4Rensselaer Polytechnic Institute, Troy, NY, 12180, USA
*Corresponding Author: Wei Sun. Email: sunw0125@163.com
Received: 29 June 2021; Accepted: 30 July 2021
Abstract: Vehicle re-identification (ReID) aims to retrieve the target vehicle in an extensive image gallery through its appearances from various views in the cross-camera scenario. It has gradually become a core technology of intelligent transportation system. Most existing vehicle re-identification models adopt the joint learning of global and local features. However, they directly use the extracted global features, resulting in insufficient feature expression. Moreover, local features are primarily obtained through advanced annotation and complex attention mechanisms, which require additional costs.
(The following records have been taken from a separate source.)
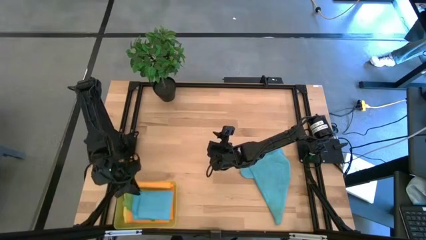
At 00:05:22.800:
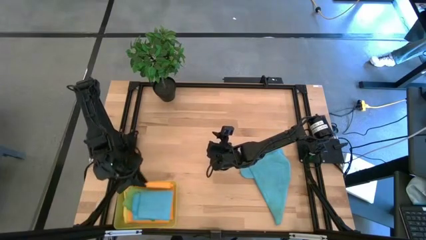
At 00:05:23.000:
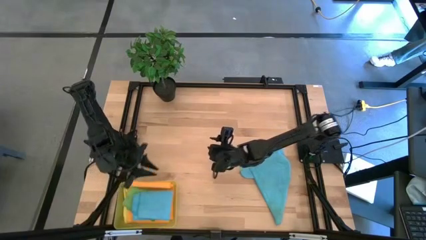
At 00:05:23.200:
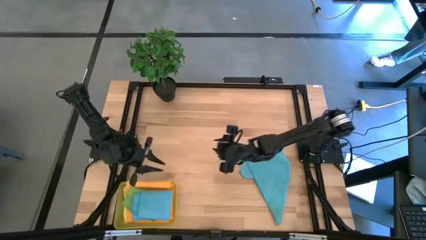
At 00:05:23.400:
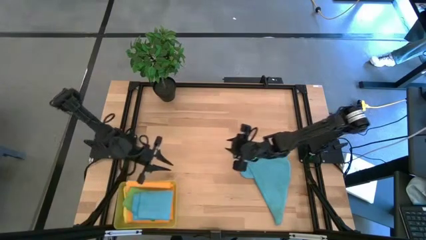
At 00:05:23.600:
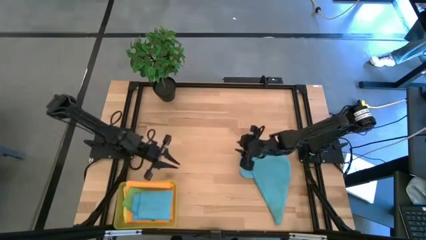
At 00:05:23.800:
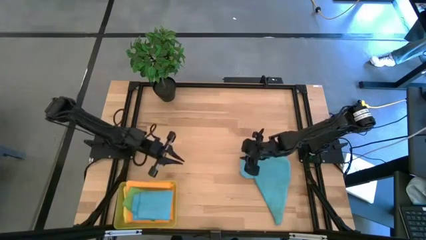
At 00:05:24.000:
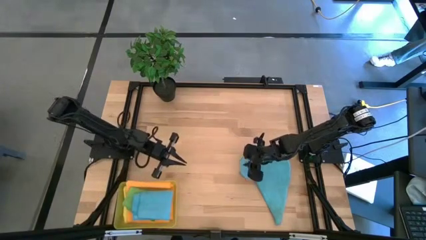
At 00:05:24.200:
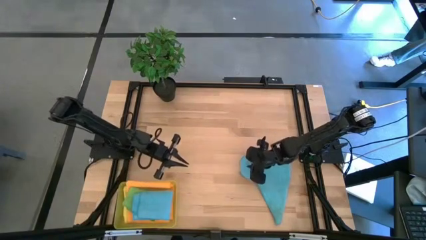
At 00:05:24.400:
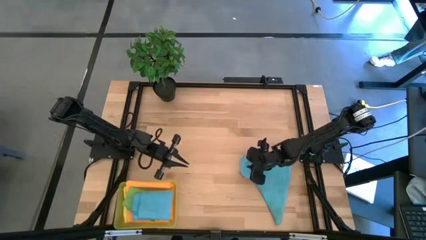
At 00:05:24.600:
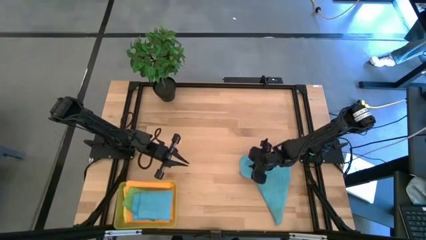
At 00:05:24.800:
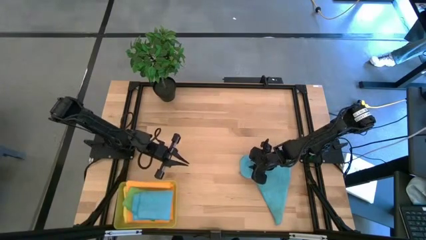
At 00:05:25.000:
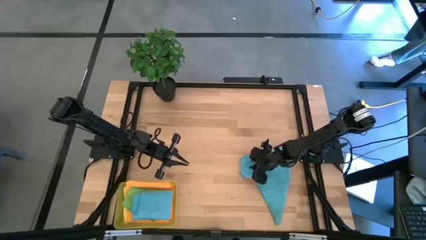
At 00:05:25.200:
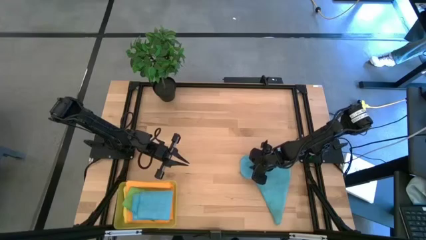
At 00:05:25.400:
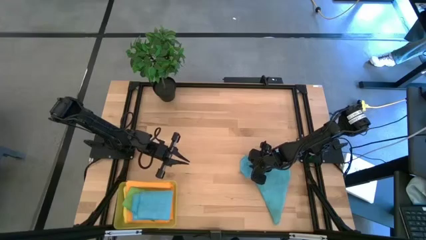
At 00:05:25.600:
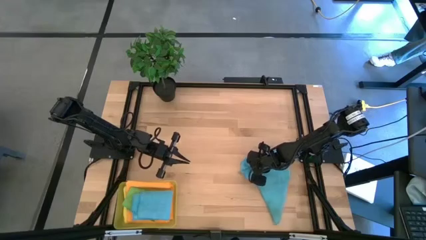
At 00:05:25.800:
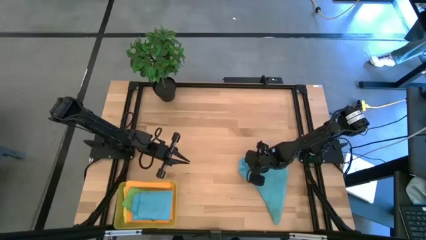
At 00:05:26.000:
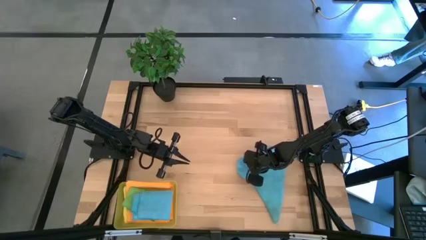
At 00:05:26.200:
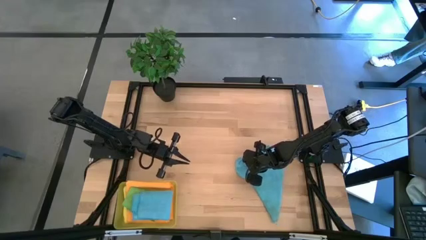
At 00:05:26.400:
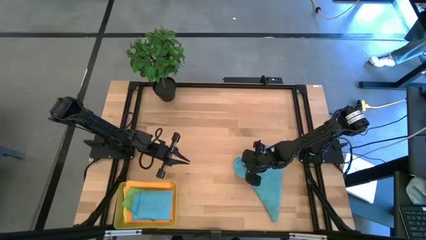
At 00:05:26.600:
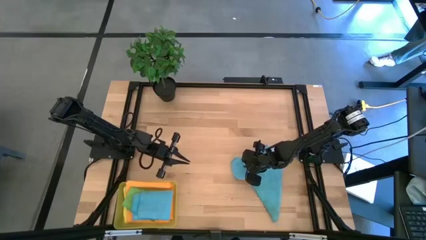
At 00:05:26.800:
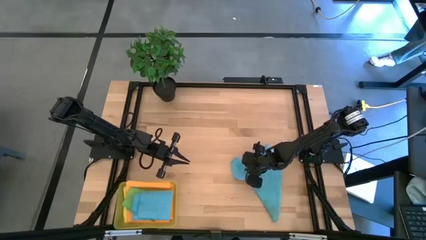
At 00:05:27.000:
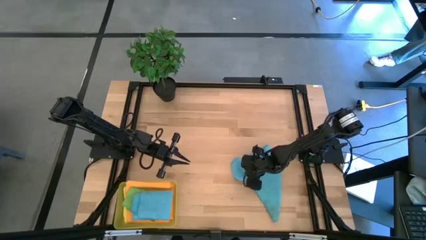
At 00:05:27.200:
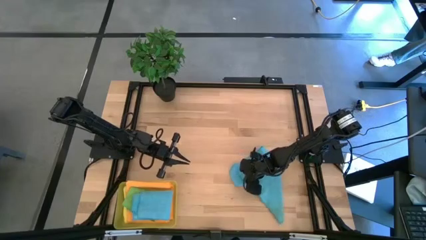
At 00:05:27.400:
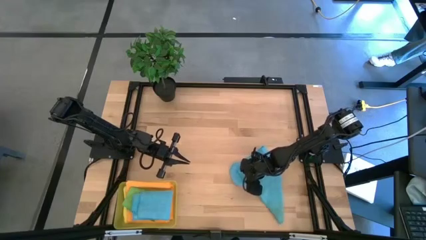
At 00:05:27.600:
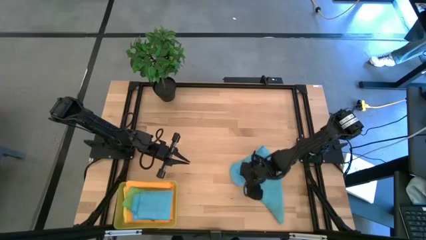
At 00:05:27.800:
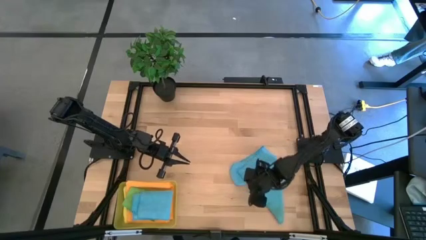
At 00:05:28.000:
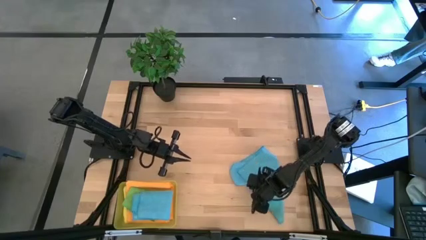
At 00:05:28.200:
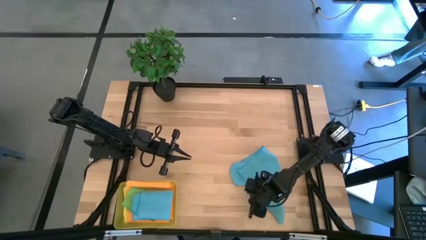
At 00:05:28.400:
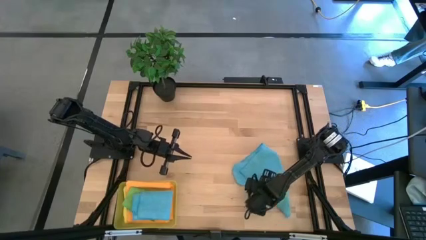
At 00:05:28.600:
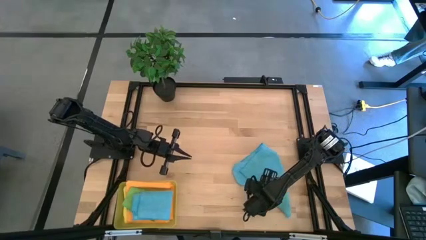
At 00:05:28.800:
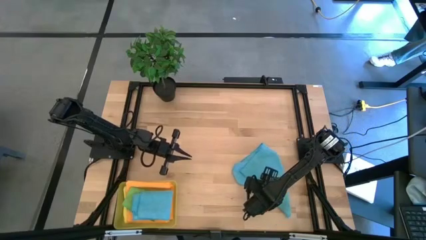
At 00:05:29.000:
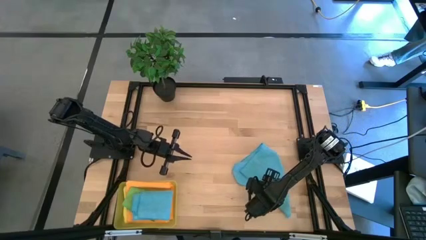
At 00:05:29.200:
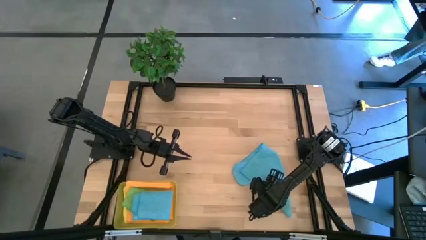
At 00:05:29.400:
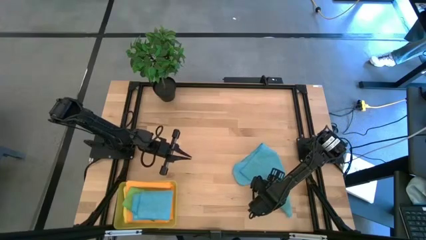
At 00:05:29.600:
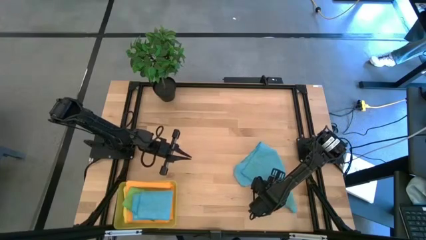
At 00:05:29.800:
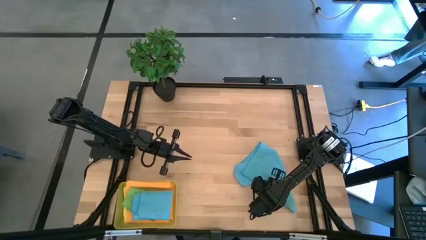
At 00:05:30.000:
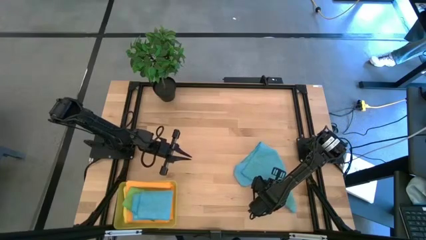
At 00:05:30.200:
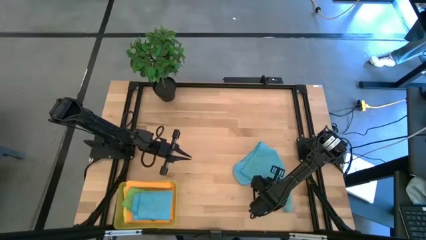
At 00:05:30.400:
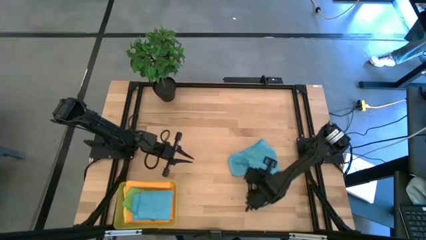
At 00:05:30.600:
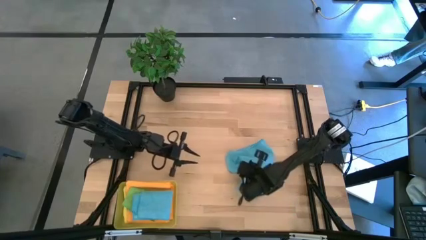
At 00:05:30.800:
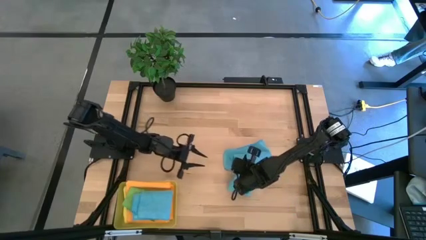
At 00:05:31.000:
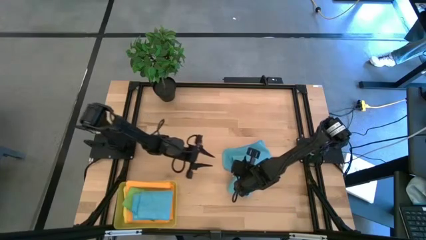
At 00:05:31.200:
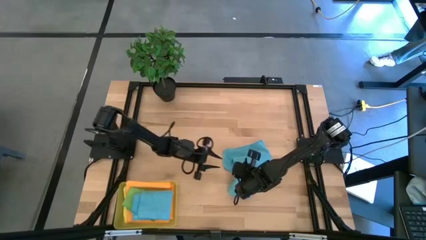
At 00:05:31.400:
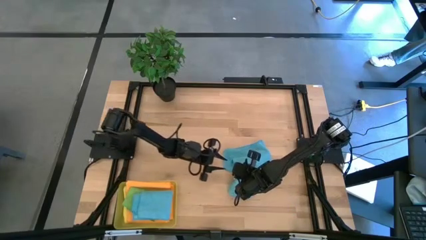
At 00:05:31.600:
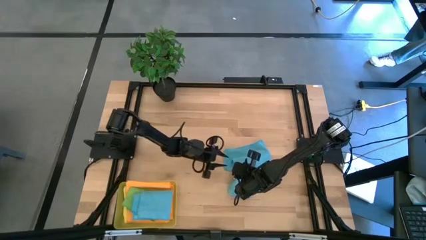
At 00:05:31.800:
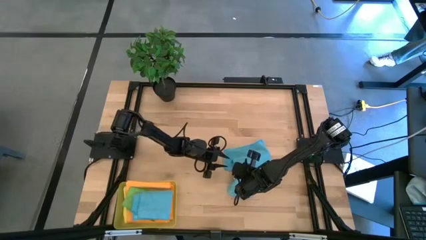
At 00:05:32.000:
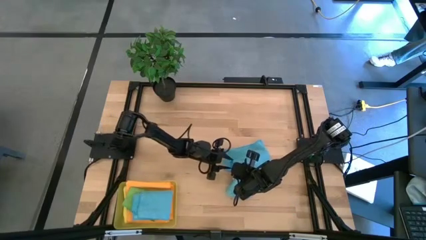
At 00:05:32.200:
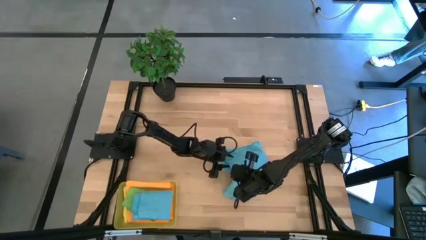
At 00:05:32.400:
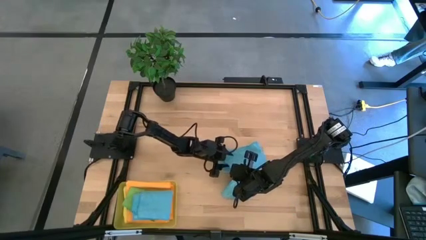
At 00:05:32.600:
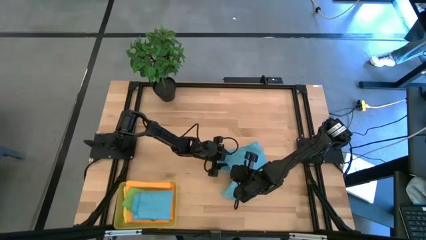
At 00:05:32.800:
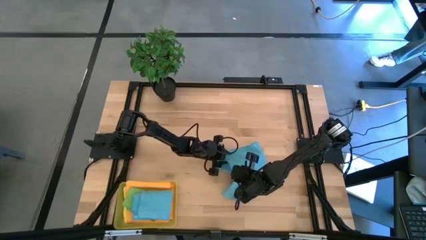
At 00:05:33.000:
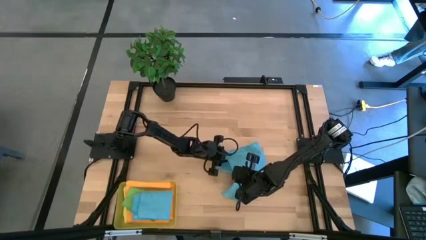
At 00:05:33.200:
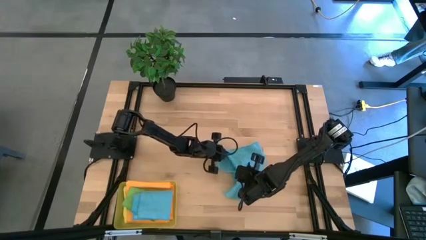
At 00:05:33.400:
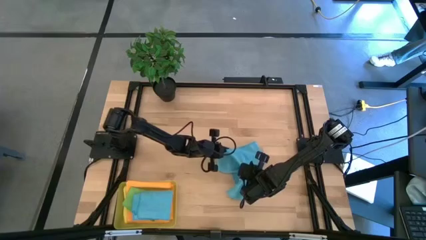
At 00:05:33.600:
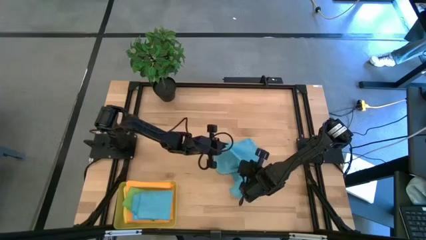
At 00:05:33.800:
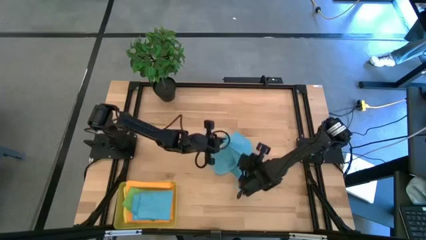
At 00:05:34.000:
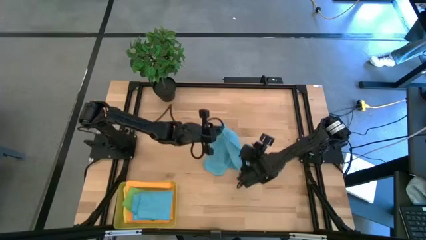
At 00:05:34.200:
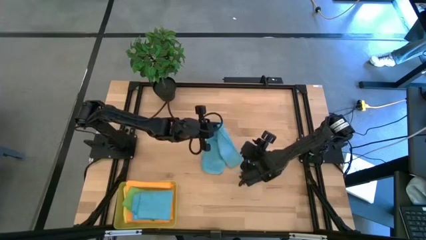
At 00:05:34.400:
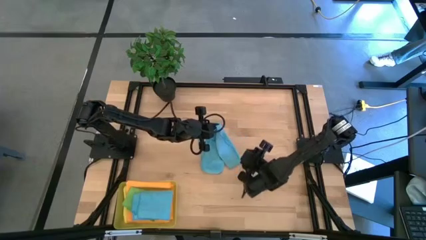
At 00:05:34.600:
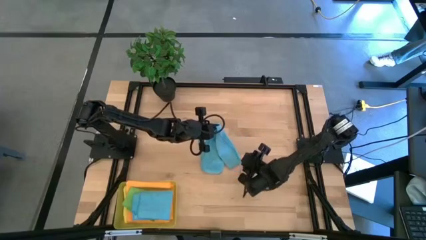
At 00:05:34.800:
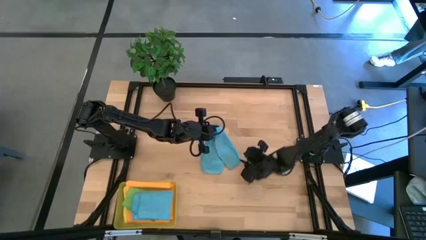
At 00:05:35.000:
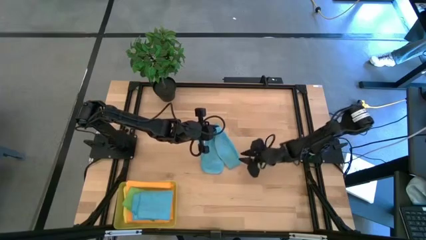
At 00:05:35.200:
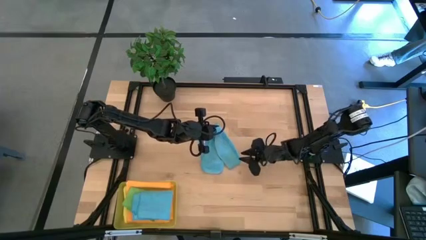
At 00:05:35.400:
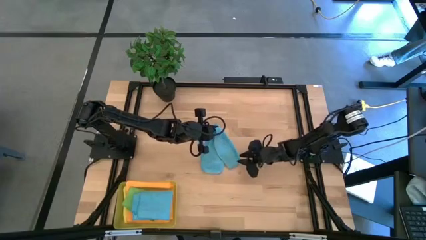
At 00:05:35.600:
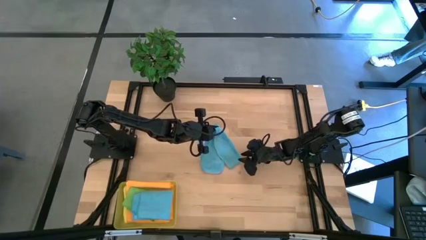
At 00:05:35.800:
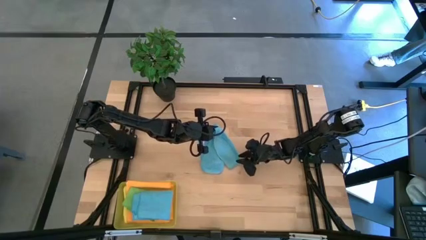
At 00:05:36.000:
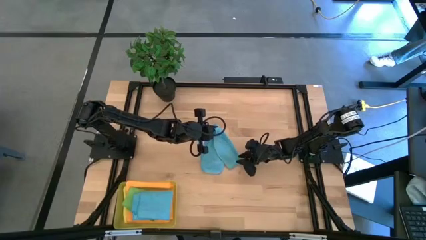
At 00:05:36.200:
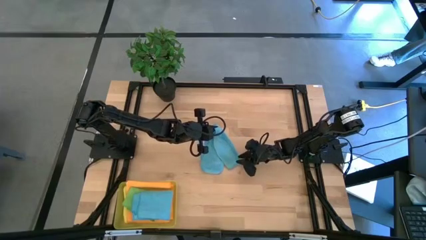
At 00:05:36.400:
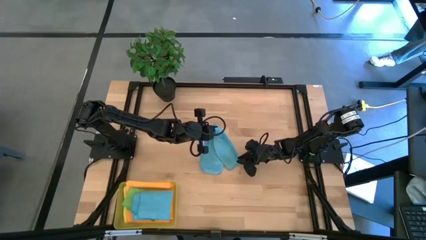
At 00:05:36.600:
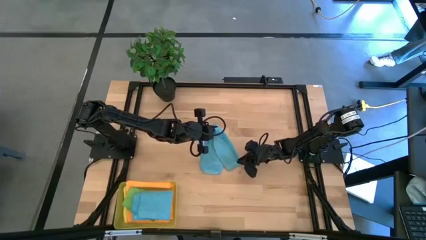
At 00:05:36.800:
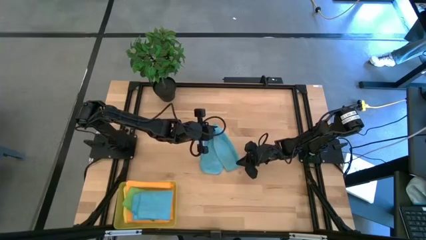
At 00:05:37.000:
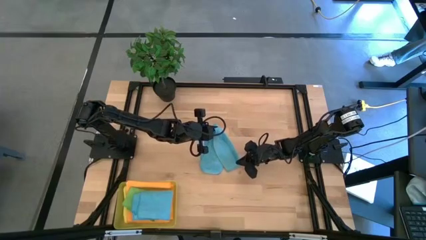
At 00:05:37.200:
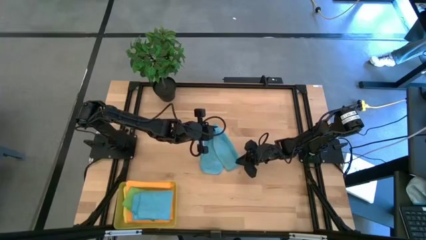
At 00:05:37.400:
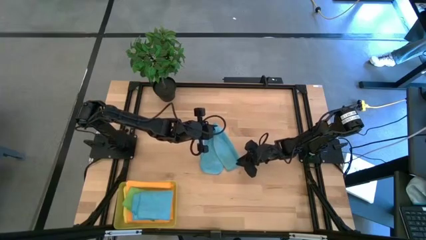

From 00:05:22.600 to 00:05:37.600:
Task: Fold microfiber towels
Fold the blue microfiber cloth

To solve this issue, a multi-feature learning model with enhanced local attention for vehicle re-identification (MFELA) is proposed in this paper. The model consists of global and local branches. The global branch utilizes both middle and high-level semantic features of ResNet50 to enhance the global representation capability. In addition, multi-scale pooling operations are used to obtain multi-scale information. While the local branch utilizes the proposed Region Batch Dropblock (RBD), which encourages the model to learn discriminative features for different local regions and simultaneously drops corresponding same areas randomly in a batch during training to enhance the attention to local regions. Then features from both branches are combined to provide a more comprehensive and distinctive feature representation. Extensive experiments on VeRi-776 and VehicleID datasets prove that our method has excellent performance.
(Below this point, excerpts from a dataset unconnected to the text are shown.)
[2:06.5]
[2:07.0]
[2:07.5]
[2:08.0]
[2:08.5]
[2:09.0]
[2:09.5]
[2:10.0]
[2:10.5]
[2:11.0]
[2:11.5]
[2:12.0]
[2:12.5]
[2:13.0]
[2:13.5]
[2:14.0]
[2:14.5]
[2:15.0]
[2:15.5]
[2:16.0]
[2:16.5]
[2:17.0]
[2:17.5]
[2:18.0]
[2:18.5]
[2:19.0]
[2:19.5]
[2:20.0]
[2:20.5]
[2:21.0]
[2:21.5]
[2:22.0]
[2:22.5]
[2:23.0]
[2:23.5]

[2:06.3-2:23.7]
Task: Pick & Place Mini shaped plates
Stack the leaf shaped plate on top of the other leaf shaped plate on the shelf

Keywords: Vehicle re-identification; region batch dropblock; multi-feature learning; local attention
Vehicle re-identification (ReID) is a core technology of intelligent transportation systems. With the development of artificial intelligence and big data technology, vehicle re-identification has a wide range of applications in suspect tracking, unmanned parking lot management, smart logistics, and unmanned driving. It can be regarded as an image retrieval problem, aiming to retrieve images of the query vehicles from a large gallery, where the images are taken by different cameras from multi-views. Especially if the license plate is blocked, removed, destroyed, or in other special scenarios, the technology will become the only option [1–3].
Many previous studies directly adopted convolutional neural networks (CNNs) to learn the robust representation of vehicle images [4–6]. However, CNNs tend to focus on global observation while ignoring other discriminative vehicle parts. Specially, under different viewing angles, the appearances of vehicles change significantly, which leads to the instability of global features [7]. Local location features contain more stable and distinguishable information, such as windows, headlights, license plates, etc [8,9]. These features are critical for judging similar vehicles and will not change greatly with environmental changes, so the features are more robust. Hence, many studies introduce local location features to cope with illumination, posture, perspective, and occlusion [10–12]. However, these methods require additional annotations, such as direction key point annotations, local position annotations, etc. To avoid additional annotations, some studies focus on applying attention mechanisms for vehicle re-identification to increase focus on local regions [13,14], but complex attention mechanism modules need to be designed additionally. The above issues motivate us to propose a new vehicle re-identification framework that can simultaneously extract global features and strengthen local feature learning, without pre-labeling and complex attention mechanisms.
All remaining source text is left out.